(NEW YORK) — While Senate negotiators struggle for a deal on mandatory background checks at gun shows, the latest ABC News/Washington Post poll finds vast public support for the measure, as well as for a committee-approved step to make illegal gun sales a federal crime.
A smaller majority — 57 percent — also continues to favor banning assault weapons, a measure said to be less likely to prevail in Congress. Support has declined slightly for a fourth proposal: the National Rifle Association’s suggestion to place armed guards in public schools.
With a hearing by the Senate Judiciary Committee scheduled for Tuesday, the poll, produced for ABC by Langer Research Associates, also shows a sharp political divide on gun control: Americans split evenly, 42-41 percent, on whom they trust more to handle the issue, President Obama, who’s been pushing such measures, or the Republicans in Congress, many of whom have been resisting them.
That result reflects the crosscurrents in attitudes on gun control. On one hand the public supports “stricter gun control laws in this country” in general by a fairly narrow 52 to 45 percent, essentially unchanged recently and down from its levels in most of the previous two decades. But support is higher on some specifics; a nearly unanimous 91 percent favor mandatory background checks on gun show sales, and 82 percent support making illegal gun sales a federal crime. Notably, even among opponents of stricter gun control in general, 85 and 73 percent, respectively, support these measures.

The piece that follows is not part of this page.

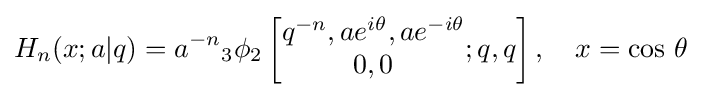
H_{n}(x;a|q)=a^{-n}{}_{3}\phi _{2}\left[{\begin{matrix}q^{-n},ae^{i\theta },ae^{-i\theta }\\0,0\end{matrix}};q,q\right],\quad x=\cos \,\theta

The Judiciary Committee last week approved a bill making gun trafficking a federal offense. It’s also looking at background checks, limits on assault weapons and high-capacity magazines and aid for more safety equipment in schools. All come in response to the shootings that killed 26 at a schoolhouse in Newtown, Conn., in December.
Support for banning assault weapons is almost identical to its level in January, albeit, like views on gun control in general, down from support in the past, which peaked at or near 80 percent in the 1990s. Placing an armed guard in every public school, supported by 55 percent in January, slipped to 50 percent now. Critics have focused on the cost, among other issues; support is down most sharply among Republicans, men and people in gun-owning households.